Menjawab hal itu, kami katakan: Benar, umat ini memang sedang menghadapi bahaya besar. Di antaranya: serangan musuh dari segala arah, merebaknya bid‘ah dan syubhat, merajalelanya kemungkaran, serta kecintaan kepada syahwat duniawi. Karena itu, para penyeru kebaikan wajib memberikan nasihat dan peringatan, demi menjaga keselamatan umat serta mempersatukan mereka di atas tauhid dan sunnah.
Sesungguhnya umat Islam yang sedang diuji dan tertimpa cobaan saat ini justru lebih membutuhkan—daripada waktu-waktu sebelumnya—untuk kembali meninjau hubungan mereka dengan Allah, serta menyadari dosa-dosa yang menyebabkan turunnya bencana. Sebab, “tidaklah turun suatu musibah kecuali karena dosa,” dan “tidaklah musibah itu diangkat kecuali dengan taubat.”

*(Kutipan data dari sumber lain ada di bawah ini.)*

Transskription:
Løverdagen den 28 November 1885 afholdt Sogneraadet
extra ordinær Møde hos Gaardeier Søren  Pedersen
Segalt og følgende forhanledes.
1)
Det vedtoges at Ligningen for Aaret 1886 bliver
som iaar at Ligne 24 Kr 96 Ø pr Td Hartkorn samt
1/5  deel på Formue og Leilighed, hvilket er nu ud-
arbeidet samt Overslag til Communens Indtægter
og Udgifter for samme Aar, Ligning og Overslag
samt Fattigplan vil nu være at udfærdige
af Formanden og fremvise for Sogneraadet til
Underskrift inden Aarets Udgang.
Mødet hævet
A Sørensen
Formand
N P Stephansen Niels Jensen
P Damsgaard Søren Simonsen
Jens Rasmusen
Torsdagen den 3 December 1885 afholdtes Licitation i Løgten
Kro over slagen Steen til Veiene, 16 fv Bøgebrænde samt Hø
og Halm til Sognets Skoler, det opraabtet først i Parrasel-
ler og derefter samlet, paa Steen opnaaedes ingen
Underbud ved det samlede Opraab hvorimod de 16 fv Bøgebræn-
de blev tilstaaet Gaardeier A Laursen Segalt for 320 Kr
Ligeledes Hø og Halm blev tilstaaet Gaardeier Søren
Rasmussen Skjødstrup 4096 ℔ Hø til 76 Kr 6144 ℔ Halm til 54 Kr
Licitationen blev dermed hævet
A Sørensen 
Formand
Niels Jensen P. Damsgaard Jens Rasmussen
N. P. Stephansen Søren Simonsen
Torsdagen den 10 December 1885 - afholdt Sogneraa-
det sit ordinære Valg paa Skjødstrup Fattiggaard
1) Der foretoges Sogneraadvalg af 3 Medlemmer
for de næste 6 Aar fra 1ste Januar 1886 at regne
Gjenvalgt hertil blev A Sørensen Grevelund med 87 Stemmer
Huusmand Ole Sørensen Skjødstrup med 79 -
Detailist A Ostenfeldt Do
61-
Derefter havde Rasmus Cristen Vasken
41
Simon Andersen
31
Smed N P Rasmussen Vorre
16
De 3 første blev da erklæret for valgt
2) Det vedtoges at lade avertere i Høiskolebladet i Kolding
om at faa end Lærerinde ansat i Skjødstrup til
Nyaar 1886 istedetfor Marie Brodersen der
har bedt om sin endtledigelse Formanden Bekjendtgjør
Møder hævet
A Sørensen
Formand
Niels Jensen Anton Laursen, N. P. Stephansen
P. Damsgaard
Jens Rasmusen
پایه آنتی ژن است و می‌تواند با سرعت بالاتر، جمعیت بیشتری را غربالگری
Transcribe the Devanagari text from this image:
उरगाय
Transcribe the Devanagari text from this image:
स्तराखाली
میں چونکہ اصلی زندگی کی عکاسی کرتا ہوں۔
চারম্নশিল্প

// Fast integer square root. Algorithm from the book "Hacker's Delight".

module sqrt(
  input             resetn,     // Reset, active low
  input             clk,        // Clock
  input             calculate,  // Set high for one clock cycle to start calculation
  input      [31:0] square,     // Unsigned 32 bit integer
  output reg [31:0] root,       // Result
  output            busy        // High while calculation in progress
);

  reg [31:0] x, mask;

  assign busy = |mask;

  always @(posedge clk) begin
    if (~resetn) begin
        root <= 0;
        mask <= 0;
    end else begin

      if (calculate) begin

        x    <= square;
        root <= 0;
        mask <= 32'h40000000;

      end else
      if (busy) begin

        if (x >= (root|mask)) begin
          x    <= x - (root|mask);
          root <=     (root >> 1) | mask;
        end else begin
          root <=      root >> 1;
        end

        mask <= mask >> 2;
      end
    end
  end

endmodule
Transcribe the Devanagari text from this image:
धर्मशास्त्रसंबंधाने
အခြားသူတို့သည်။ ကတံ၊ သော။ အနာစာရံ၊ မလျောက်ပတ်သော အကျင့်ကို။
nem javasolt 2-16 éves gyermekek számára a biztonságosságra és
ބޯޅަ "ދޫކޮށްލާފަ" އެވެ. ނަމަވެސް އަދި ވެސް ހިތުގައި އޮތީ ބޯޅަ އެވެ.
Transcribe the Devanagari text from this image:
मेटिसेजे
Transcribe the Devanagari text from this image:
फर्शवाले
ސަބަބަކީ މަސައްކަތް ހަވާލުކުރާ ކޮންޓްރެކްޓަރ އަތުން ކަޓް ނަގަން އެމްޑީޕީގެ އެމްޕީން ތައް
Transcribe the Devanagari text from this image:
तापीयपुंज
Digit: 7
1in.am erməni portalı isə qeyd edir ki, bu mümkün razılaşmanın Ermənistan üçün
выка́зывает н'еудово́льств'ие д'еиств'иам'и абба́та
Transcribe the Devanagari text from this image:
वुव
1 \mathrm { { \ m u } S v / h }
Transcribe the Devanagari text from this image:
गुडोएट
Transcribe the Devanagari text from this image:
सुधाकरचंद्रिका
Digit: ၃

Adapun dosa terbesar setelah syirik kepada Allah adalah bid‘ah, karena bid‘ah lebih dicintai Iblis daripada maksiat. Allah senantiasa berfirman dengan kebenaran, dan Dialah yang memberi petunjuk ke jalan yang lurus.
Selain itu, hal lain yang sering menghalangi banyak orang untuk menerima kebenaran—meski sudah sangat jelas setelah dijelaskan dengan dalil naqli maupun aqli—adalah kesulitan mereka melepaskan diri dari kebiasaan yang sudah bertahun-tahun dijalani, serta rasa enggan meninggalkan ajaran leluhur atau mengakui kesalahan mereka.
Karena itu, kita memohon kepada Allah Yang Maha Pemurah dan Maha Dermawan agar memperlihatkan kebenaran kepada kita dan seluruh kaum muslimin sebagai kebenaran, lalu memberi rezeki kepada kita untuk mengikutinya; serta memperlihatkan kebatilan sebagai kebatilan, lalu memberi rezeki kepada kita untuk menjauhinya.
Dan kita pun berdoa dengan doa Nabi ﷺ:
اللهمَّ ربَّ جَبرائيلَ ومِيكائيلَ وإسرافيلَ، فاطرَ السَّمواتِ والأرضِ، عالِمَ الغيبِ والشهادةِ، أنْتَ تحكُمُ بين عِبادكَ فيما كانوا فيه يَختلفونَ؛ اهدِنا لِمَا اختُلفَ فيه من الحقِّ بإذنك؛ إنّكَ تَهدي من تشاءُ إلى صراطٍ مستقيمٍ
“Ya Allah, Tuhan Jibril, Mikail, dan Israfil, Pencipta langit dan bumi, Yang Maha Mengetahui yang gaib maupun nyata. Engkaulah yang memutuskan di antara hamba-hamba-Mu dalam perkara yang mereka perselisihkan. Maka tunjukilah kami dengan izin-Mu kepada kebenaran dari apa yang diperselisihkan itu. Sesungguhnya Engkau memberi petunjuk kepada siapa saja yang Engkau kehendaki ke jalan yang lurus.”